茫茫旅途十数载,而今回头时却是一番萧瑟景。那雁字回时,月满了西楼,人比黄花瘦。即使万物复醒柳飞拂,红花翠碧,也难抵这忘川河下,无限的心中愁恨。留,不过是梦中。而这时回头,诗不再是远方。
《芳华:二十五岁》的我,将我的期许放置在这,只待八月既望。从那年的匆匆到匆匆现在的回忆,眼泪如止不住的东江水,留下了泪痕。二十五岁,期许是否有期,还待春暖花开,雁字归来。匆匆的我,匆匆的走了,匆匆的带走了回忆中的满面泪水,匆匆的带走了本该纪念却纪奠的青春,带走了自己和孤独。暖了遍地流年的花,开向了我不眠的梦中。倚门回首,却把青梅嗅。
《寻爱》的我,不知何处寻觅,也许只是“冷冷清清,凄凄惨惨戚戚”。只晓得我一直在路上,在路途的似锦繁华中,在山岳间的沧海桑田里,也在心中。旅行者,也许很适合称呼我吧!我一直在路上,在记录这世间繁华锦绣时,忘记了家,忘记了那约定,但我一直知晓,我是如何踏上这旅途,因为《寻爱》。在这路上,我明白了爱的旅途也许是两人的结伴,也许是一人的孤独。但爱从不是过了期的等待,而是明朝的期许。爱是年少无数次心急火燎地追,只为现在能坐在这里风轻云淡地等。

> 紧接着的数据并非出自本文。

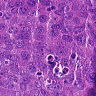
Metastatic tissue present: yes
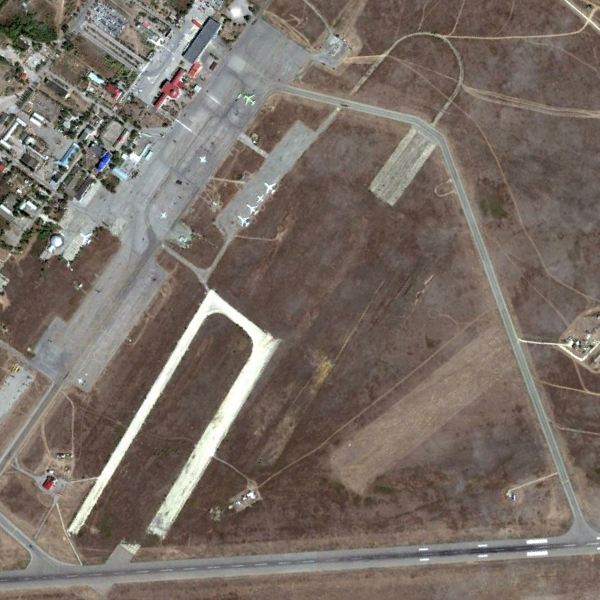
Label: Airport
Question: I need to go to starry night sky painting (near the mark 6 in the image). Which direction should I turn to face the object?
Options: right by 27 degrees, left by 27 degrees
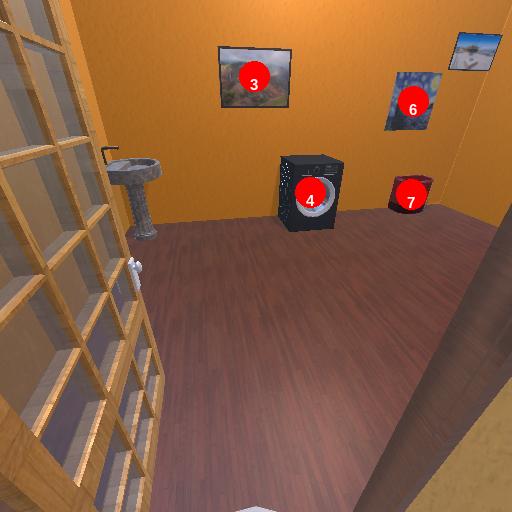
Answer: right by 27 degrees
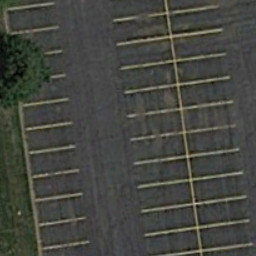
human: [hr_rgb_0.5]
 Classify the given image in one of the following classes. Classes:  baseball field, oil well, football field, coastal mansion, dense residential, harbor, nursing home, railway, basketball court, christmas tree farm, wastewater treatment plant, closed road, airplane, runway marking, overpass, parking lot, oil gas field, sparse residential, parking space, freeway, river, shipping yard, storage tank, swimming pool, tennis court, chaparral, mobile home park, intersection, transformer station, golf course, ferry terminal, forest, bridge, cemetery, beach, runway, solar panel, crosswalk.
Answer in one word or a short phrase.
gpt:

《梦醒了》的我,不是梦真的醒了,而是从未入梦,一直清醒着。海的那边,山的这头,千里遥远。而她早已经离开,住进了我的内心深处,安然如初。那离别的车站变成了回忆的一角,那陌生的人群,熟悉的城市,依旧浮现在眼前,无法挥去,一直留在人世的大梦中。回首时,仿佛间,那湖畔的清风杨柳,鳞波荡漾在心中。而我们的故事,也许早便有了结局——童话已经结束,遗忘便是幸福。蓦然间,花开两朵,天各一方;转瞬时,适逢其会,猝不及防。待明月重圆银河镜,安然,怎一个“愁”字说得尽凄楚离别。
明知不可为而为之,也许这便是不顾一切吧!我们总会因为上一秒的等待而怠慢自己;也总会因为下一秒的离别而伤心欲绝,但这又算什么呢?不过是时间度日如年,期许过往云烟罢了。也许这一切会重新开始,也许会继续残局。但无论是重新开始还是继续残局,到最后,还是苦了自己。
当爱走过黎明,我会为它停留;当爱转过黎明,我会为它回头;当爱路过黎明,我……当爱回头时,诗已不再是远方。